▸ **Instructions for the task**:
Please transcribe the entries below exactly and leave out every picture.

▸ **Given data**:
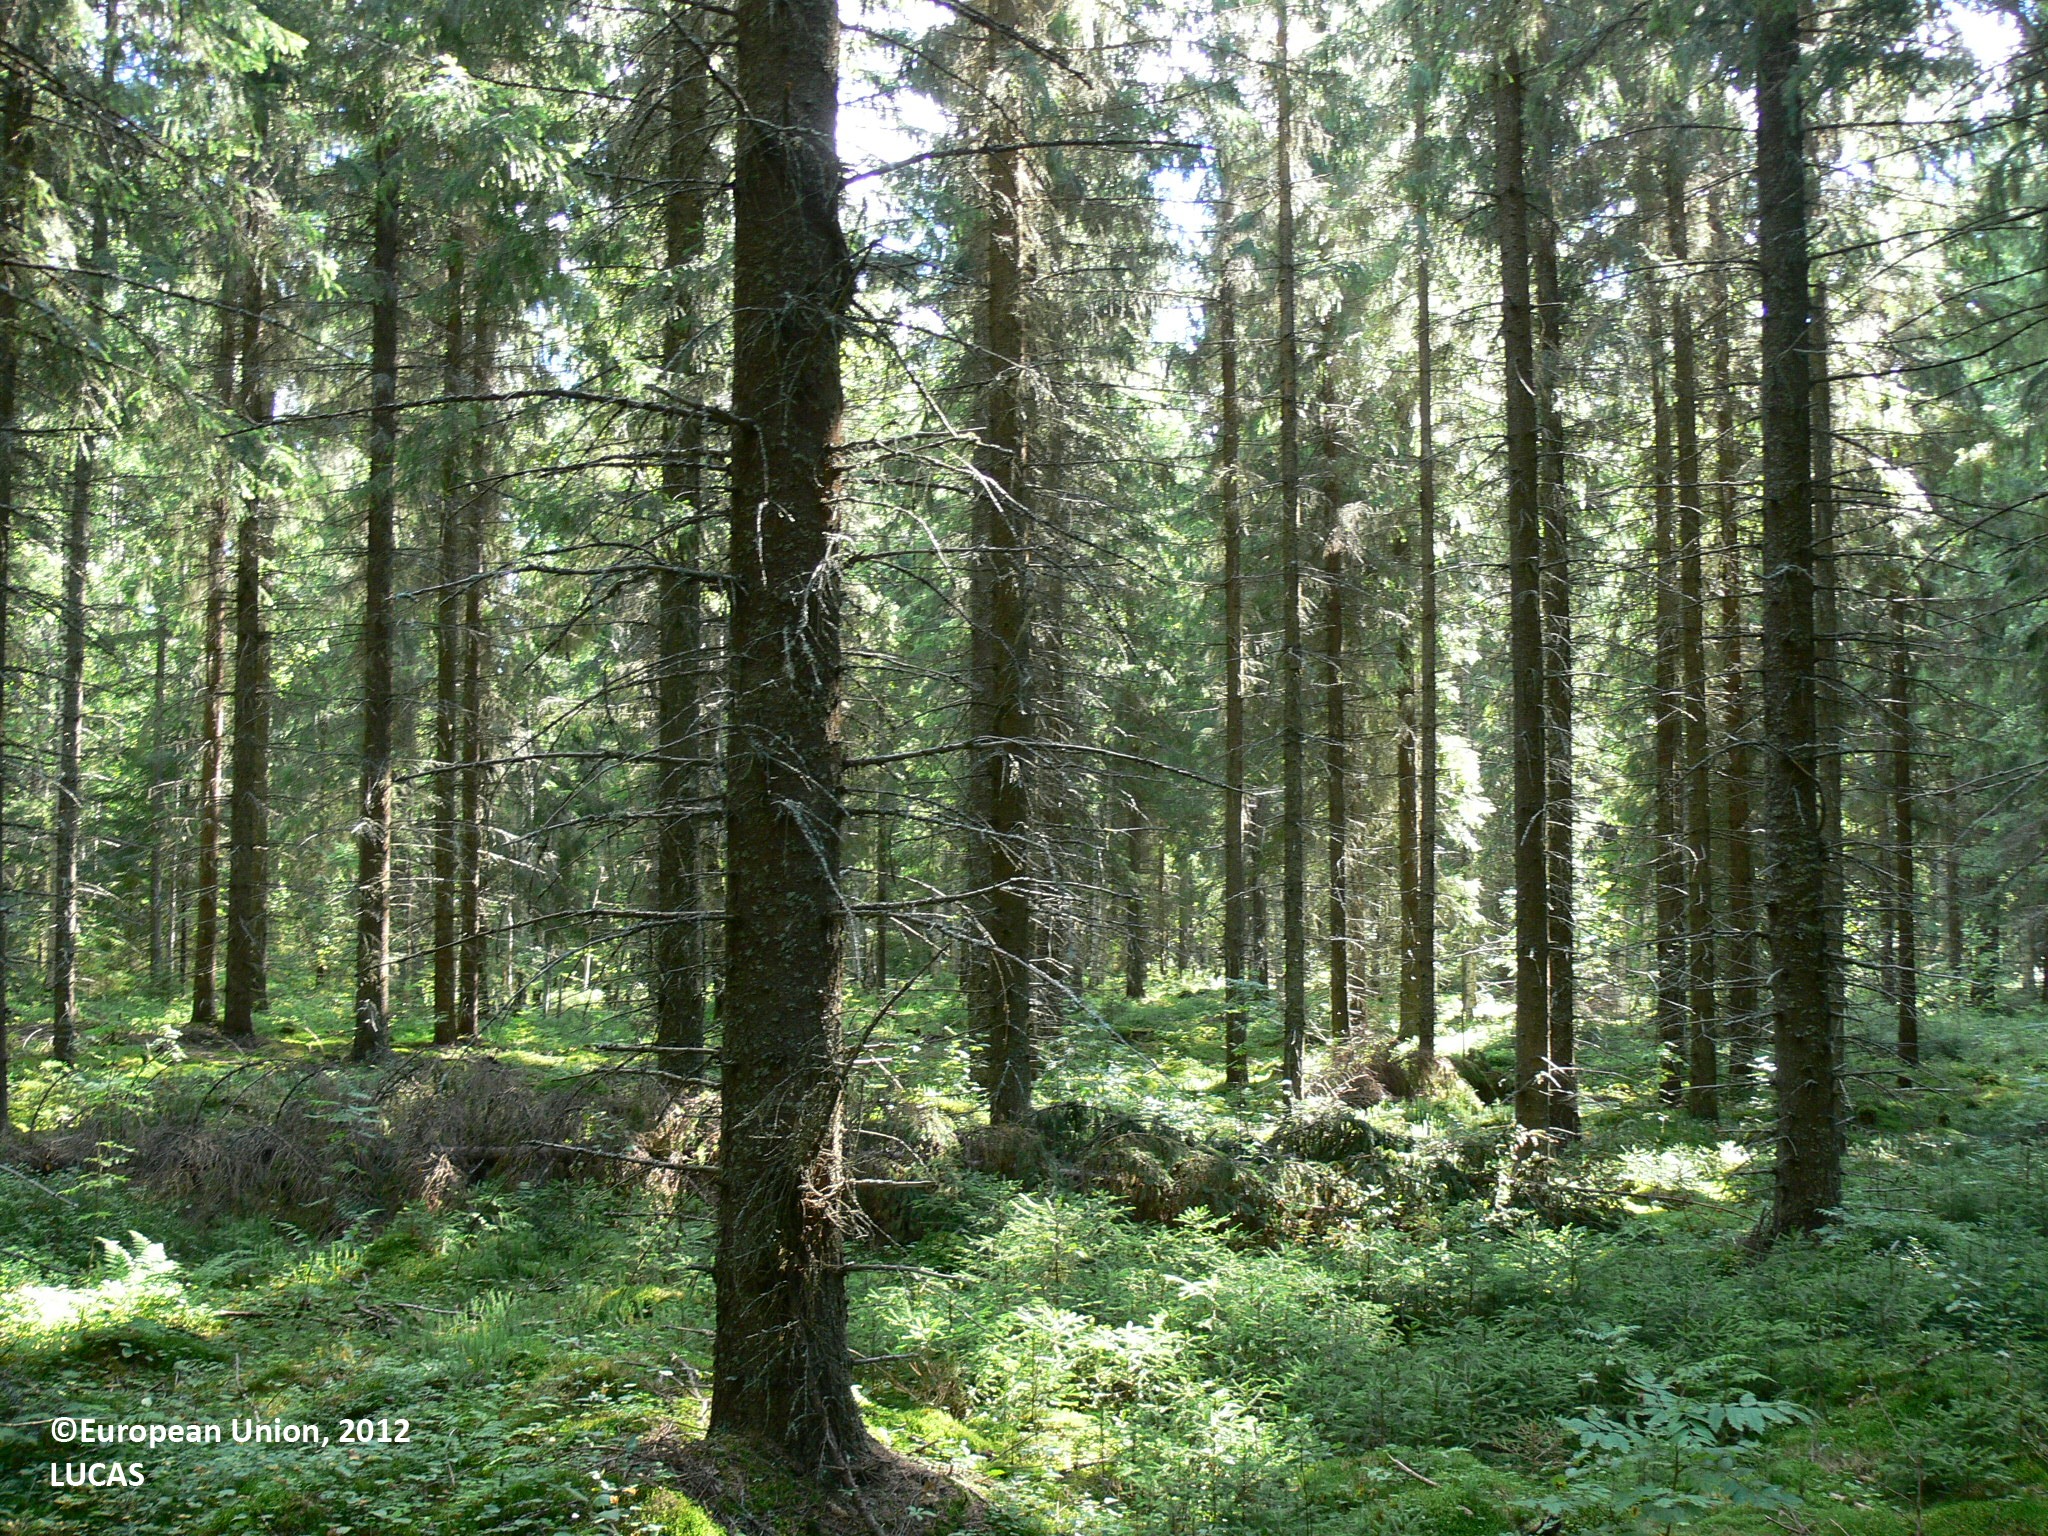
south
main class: Woodland
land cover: Spruce dominated coniferous woodland
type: boreal forest
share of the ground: > 75 %
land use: Forestry
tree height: > 5 m
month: August
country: FI
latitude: 62.0076
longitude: 29.3570

▸ **Response below**:
south
main class: Woodland
land cover: Spruce dominated coniferous woodland
type: boreal forest
share of the ground: > 75 %
land use: Forestry
tree height: > 5 m
month: August
country: FI
latitude: 62.0076
longitude: 29.3570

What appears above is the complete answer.